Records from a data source

◆ ◆ ◆ ◆

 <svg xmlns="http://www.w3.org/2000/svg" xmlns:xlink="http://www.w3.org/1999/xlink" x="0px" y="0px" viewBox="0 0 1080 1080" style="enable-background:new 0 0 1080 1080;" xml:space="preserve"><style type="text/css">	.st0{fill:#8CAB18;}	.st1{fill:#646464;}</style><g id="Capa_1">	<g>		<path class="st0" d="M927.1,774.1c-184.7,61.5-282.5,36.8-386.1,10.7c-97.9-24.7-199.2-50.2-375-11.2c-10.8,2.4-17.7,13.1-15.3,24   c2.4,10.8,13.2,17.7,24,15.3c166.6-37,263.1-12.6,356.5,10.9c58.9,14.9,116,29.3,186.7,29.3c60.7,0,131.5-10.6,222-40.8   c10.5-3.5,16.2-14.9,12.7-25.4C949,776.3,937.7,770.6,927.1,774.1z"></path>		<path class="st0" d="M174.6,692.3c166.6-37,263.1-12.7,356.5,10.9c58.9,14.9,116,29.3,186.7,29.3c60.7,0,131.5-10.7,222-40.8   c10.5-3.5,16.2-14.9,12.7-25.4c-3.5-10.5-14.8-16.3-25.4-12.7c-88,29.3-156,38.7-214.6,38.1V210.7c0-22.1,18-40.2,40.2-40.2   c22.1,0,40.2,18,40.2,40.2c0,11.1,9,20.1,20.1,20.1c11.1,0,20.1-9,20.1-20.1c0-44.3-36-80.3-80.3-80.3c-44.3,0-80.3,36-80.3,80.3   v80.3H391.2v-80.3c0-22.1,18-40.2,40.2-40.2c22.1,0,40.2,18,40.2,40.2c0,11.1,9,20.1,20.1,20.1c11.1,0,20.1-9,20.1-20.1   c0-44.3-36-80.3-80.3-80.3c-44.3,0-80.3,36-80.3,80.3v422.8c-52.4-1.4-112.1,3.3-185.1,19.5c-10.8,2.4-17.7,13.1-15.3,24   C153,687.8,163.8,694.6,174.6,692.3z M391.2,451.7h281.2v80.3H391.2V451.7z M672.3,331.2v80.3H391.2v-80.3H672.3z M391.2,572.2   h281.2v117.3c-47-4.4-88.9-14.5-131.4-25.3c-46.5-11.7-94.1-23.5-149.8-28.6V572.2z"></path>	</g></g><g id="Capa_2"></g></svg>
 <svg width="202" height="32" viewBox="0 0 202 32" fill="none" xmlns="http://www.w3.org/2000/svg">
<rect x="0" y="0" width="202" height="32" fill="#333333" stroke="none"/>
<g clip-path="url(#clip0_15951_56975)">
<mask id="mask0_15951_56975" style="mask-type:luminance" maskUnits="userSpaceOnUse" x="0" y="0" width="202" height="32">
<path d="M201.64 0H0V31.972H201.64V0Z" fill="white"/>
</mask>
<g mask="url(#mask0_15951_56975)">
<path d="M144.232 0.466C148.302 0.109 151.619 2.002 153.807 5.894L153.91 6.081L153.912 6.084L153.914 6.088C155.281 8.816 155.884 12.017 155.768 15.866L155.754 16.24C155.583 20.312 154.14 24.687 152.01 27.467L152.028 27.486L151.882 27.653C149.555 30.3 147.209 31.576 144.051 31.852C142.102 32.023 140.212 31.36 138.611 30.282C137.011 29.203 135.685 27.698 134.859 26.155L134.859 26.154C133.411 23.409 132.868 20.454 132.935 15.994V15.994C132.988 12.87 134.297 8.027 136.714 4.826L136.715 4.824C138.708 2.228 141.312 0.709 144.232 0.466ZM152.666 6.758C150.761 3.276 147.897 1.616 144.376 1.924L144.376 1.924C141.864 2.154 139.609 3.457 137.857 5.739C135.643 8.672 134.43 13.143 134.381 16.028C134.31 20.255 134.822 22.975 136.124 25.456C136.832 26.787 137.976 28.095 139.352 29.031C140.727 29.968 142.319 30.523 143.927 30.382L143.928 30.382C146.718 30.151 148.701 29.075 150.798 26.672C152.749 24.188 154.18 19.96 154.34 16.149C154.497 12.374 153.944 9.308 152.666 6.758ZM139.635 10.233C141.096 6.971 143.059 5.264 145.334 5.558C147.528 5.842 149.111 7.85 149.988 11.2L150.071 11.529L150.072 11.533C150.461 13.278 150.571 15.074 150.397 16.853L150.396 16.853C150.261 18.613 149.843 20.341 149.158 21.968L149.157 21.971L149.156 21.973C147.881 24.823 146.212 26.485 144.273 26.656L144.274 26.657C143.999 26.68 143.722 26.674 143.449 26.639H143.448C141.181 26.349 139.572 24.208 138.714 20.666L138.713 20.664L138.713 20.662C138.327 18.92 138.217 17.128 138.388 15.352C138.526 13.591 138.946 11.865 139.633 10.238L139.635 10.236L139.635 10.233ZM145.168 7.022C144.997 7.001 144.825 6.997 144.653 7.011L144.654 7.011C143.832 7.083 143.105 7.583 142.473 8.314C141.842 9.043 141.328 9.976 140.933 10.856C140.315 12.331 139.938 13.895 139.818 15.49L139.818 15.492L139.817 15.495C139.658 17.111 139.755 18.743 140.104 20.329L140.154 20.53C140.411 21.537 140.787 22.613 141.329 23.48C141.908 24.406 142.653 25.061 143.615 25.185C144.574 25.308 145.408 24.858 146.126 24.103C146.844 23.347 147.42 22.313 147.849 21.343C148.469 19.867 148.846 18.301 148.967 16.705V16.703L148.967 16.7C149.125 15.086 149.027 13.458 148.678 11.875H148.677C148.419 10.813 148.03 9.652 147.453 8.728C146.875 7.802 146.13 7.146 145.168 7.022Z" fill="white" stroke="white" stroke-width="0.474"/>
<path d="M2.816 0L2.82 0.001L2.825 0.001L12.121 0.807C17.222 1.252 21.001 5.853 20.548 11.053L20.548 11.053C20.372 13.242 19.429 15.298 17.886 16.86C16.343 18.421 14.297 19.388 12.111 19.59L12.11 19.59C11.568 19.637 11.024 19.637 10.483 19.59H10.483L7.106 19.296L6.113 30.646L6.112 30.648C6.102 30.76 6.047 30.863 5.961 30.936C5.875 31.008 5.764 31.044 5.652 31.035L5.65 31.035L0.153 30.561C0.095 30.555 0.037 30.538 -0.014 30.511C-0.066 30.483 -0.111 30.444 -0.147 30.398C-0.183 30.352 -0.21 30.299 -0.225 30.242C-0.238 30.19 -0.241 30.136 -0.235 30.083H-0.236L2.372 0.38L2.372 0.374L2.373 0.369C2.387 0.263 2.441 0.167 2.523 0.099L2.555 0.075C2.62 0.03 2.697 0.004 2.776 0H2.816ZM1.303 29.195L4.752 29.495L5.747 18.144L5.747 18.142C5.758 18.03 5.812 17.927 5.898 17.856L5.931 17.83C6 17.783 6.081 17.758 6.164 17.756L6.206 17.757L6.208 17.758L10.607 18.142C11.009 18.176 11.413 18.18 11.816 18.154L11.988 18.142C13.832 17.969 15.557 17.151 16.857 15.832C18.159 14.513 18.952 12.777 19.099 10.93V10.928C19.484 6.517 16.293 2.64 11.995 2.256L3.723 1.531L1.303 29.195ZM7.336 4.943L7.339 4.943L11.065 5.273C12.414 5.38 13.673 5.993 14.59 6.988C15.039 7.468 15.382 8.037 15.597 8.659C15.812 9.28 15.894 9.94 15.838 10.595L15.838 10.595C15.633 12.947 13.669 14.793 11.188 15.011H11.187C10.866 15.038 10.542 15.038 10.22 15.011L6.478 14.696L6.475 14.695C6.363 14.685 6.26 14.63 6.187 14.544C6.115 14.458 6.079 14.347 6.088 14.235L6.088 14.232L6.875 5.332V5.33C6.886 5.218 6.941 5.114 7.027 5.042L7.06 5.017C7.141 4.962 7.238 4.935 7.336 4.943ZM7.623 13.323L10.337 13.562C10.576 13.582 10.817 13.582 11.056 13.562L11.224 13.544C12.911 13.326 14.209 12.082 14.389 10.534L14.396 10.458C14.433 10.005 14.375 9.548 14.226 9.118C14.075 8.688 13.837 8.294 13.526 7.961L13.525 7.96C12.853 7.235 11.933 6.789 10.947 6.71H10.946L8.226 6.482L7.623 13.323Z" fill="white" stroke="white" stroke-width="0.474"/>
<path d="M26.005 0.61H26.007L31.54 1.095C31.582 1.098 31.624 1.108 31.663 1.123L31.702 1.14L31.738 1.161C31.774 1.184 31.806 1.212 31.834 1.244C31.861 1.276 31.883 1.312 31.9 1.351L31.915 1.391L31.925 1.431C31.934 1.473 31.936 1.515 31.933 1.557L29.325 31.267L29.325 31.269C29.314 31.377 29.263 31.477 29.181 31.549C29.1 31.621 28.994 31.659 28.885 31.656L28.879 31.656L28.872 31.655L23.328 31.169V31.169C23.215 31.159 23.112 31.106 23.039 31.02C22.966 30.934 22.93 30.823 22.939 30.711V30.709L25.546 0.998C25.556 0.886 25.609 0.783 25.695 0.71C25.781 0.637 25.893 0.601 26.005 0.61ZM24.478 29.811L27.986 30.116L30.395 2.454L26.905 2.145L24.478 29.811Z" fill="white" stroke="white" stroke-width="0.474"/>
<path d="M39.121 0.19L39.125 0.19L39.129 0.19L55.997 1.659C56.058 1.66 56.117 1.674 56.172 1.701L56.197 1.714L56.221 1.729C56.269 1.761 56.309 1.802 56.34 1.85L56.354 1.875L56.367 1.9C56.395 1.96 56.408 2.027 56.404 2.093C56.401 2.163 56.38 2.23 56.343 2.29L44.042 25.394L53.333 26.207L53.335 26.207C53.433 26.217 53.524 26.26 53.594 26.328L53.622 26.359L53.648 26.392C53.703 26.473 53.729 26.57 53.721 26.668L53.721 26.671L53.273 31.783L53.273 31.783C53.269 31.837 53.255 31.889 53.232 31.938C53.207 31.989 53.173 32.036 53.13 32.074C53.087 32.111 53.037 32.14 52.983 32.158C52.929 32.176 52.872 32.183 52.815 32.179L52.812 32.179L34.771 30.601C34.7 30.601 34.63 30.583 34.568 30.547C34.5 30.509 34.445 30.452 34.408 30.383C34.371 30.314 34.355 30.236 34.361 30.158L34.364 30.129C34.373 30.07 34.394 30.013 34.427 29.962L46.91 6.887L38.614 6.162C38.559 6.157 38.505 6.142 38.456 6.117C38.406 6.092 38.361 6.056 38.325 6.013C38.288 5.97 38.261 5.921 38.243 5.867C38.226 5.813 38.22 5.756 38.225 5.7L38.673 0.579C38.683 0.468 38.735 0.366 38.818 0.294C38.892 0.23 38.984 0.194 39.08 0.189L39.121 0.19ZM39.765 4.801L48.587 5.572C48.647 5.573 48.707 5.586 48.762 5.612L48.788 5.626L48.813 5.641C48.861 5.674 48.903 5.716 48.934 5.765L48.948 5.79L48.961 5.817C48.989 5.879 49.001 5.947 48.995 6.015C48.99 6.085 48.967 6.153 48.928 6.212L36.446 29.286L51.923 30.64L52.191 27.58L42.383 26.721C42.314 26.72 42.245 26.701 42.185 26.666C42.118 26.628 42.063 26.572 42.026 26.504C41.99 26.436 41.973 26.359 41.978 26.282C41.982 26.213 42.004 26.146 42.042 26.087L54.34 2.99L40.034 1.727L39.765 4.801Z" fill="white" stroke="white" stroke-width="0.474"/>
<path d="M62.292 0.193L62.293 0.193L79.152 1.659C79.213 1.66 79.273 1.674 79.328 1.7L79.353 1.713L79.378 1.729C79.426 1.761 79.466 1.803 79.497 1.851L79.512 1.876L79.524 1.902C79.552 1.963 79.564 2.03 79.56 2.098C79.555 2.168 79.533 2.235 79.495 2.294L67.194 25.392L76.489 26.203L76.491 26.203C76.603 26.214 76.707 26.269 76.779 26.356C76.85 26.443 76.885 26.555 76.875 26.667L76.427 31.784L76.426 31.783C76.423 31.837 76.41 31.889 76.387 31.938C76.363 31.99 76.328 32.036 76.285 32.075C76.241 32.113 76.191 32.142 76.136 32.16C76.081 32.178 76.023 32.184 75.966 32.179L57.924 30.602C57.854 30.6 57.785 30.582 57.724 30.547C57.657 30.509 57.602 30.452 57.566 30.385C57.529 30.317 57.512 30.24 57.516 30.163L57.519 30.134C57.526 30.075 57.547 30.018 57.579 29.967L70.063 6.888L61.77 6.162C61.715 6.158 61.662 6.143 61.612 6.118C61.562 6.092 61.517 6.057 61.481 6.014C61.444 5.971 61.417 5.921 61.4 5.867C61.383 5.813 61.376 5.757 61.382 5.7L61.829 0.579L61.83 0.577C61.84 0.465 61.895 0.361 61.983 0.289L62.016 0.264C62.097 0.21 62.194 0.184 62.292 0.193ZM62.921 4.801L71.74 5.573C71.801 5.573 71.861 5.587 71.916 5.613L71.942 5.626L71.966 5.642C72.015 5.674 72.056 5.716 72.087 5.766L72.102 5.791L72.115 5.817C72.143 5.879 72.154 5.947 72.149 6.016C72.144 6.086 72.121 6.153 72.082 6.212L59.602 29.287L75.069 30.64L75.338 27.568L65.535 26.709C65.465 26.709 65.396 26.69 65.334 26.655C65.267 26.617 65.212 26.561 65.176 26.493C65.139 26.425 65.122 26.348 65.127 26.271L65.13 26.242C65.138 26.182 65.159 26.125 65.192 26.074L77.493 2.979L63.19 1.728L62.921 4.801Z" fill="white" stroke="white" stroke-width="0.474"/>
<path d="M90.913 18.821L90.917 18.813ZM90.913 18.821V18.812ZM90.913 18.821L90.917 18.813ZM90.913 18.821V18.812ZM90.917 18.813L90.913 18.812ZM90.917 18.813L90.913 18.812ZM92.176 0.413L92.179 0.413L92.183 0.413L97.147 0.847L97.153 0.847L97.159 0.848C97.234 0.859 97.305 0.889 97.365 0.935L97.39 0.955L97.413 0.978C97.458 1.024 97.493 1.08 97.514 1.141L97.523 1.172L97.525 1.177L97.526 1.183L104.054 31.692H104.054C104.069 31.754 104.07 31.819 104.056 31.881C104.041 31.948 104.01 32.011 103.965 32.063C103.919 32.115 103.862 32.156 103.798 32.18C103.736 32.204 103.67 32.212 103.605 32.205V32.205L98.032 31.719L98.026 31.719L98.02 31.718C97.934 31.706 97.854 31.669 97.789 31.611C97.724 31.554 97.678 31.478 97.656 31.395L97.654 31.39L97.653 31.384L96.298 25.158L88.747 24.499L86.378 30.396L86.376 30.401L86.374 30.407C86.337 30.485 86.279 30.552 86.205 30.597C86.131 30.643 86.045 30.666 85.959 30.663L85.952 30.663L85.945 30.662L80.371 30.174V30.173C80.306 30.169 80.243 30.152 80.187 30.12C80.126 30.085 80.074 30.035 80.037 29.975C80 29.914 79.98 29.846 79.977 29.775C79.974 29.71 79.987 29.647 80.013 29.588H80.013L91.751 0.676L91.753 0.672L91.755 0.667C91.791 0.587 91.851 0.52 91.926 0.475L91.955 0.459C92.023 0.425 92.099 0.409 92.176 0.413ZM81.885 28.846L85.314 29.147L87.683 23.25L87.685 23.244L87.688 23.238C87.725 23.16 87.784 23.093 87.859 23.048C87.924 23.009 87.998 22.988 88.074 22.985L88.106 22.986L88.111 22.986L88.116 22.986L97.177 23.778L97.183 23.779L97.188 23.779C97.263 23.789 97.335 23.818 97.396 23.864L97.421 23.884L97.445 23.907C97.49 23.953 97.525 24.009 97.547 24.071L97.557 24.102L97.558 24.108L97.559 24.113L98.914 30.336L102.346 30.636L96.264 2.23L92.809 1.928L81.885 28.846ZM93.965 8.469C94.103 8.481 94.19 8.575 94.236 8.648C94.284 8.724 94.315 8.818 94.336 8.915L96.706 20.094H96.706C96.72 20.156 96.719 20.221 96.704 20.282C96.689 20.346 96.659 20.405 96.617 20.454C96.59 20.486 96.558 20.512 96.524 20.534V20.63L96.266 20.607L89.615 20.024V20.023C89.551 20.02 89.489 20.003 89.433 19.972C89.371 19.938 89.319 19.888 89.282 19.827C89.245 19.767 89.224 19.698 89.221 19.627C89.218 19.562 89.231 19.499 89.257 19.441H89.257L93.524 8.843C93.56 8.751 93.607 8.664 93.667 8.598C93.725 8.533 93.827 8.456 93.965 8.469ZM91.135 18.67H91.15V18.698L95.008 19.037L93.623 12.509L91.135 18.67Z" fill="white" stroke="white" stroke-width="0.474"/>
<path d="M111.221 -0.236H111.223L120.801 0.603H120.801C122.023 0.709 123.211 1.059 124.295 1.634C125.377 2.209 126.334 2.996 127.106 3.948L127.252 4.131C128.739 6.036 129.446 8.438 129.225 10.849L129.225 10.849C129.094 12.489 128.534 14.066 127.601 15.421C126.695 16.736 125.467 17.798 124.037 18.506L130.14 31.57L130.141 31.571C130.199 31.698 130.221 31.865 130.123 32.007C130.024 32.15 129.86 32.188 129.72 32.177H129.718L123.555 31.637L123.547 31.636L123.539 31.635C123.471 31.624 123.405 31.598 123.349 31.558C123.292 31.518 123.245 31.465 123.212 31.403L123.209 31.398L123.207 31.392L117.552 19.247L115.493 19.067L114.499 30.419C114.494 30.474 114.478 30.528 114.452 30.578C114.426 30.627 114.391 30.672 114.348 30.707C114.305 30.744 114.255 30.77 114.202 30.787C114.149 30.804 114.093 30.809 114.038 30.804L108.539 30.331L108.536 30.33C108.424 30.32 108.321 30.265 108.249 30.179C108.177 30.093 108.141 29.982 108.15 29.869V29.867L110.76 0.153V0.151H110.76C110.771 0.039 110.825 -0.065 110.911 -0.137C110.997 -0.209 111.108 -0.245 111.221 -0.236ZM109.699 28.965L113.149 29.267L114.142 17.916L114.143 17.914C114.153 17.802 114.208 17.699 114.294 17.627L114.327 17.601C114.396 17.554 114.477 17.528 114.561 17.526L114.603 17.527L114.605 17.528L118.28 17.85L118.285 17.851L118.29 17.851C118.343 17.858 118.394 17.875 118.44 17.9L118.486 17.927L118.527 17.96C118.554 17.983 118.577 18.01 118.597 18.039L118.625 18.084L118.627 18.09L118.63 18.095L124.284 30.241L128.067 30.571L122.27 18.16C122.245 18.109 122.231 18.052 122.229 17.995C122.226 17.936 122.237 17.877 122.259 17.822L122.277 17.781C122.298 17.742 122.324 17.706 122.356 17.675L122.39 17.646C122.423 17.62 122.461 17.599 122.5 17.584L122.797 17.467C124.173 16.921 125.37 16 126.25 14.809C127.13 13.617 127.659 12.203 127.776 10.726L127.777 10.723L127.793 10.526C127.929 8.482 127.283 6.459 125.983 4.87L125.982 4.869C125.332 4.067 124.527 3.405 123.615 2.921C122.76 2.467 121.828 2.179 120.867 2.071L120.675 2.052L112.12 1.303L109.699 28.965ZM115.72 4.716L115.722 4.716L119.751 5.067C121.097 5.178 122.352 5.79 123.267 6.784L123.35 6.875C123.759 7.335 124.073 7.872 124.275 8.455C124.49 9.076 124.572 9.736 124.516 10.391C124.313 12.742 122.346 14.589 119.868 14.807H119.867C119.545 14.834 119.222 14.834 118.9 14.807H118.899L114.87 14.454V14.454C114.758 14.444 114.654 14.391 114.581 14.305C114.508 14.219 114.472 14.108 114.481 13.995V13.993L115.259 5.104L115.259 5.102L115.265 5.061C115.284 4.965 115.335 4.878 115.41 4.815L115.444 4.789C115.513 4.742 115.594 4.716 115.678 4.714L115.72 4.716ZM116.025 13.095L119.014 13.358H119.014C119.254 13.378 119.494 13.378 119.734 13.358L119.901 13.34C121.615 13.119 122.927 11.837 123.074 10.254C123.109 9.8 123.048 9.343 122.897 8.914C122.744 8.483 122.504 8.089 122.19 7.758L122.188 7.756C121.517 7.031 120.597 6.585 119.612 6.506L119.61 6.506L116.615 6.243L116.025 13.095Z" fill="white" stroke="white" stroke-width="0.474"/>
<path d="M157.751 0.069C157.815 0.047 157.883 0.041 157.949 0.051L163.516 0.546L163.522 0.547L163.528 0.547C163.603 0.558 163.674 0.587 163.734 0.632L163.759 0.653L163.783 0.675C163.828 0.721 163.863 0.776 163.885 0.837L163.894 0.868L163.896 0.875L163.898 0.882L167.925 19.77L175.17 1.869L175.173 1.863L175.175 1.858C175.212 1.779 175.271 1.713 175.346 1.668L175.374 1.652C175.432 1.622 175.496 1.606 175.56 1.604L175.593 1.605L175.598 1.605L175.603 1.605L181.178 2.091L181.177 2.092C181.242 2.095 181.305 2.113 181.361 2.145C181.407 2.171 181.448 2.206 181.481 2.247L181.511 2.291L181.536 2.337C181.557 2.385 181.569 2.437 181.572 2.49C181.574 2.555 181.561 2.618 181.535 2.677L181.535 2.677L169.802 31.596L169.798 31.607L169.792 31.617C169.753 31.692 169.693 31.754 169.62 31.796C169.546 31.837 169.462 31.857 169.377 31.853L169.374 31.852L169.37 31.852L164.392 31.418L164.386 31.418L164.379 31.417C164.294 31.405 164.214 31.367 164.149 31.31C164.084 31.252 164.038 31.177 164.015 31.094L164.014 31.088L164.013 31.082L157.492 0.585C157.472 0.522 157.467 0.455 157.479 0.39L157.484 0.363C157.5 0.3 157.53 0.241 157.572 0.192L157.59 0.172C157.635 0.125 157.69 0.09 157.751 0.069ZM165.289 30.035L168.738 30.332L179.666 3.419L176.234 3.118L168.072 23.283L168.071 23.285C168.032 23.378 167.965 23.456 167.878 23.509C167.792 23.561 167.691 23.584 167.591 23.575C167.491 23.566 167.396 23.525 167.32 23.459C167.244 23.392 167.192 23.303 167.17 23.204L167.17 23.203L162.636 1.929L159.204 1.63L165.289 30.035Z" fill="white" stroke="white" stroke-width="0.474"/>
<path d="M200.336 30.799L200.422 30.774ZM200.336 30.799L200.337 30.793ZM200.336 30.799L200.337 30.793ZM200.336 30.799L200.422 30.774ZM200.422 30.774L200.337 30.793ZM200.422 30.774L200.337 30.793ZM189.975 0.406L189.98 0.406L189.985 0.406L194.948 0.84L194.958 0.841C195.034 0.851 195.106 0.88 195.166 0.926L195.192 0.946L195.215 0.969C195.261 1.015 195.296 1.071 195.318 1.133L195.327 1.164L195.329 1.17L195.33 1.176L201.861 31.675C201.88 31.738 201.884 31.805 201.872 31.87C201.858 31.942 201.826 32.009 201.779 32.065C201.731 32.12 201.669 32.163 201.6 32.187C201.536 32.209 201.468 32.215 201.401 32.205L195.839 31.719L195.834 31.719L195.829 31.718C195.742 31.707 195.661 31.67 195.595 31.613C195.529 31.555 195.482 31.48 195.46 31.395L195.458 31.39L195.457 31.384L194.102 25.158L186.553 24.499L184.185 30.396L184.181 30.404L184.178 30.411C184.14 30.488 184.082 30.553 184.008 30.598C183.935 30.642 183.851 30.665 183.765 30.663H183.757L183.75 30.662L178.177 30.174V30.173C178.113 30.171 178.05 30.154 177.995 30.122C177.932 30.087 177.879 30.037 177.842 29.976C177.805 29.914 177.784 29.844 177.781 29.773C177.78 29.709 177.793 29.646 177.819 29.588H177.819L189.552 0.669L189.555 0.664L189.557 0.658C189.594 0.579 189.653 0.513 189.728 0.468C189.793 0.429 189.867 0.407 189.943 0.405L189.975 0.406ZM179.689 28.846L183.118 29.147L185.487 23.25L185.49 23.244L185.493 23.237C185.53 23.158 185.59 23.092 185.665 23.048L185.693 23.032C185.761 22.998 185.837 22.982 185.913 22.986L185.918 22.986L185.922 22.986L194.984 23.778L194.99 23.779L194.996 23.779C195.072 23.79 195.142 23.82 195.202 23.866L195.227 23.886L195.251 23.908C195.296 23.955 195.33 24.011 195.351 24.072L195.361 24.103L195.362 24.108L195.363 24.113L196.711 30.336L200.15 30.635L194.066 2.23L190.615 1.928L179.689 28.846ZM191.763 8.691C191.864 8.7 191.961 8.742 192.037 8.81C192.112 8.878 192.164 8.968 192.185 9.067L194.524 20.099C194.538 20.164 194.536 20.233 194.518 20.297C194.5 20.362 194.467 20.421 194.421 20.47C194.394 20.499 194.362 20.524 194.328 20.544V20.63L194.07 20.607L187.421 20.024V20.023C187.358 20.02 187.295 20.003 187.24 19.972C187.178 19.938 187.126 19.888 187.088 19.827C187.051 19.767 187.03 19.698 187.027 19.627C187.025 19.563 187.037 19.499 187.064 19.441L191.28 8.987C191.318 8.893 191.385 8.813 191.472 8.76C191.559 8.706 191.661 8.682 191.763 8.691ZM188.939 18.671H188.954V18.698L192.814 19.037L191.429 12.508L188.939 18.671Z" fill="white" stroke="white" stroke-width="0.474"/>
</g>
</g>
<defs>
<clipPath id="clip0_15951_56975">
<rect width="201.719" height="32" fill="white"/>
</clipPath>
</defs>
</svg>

◆ ◆ ◆ ◆

**ASSIGNMENT:** If a line in the data contains the string "mask", count it, then give the total and nothing else.

**EXERCISE ANSWER:** 3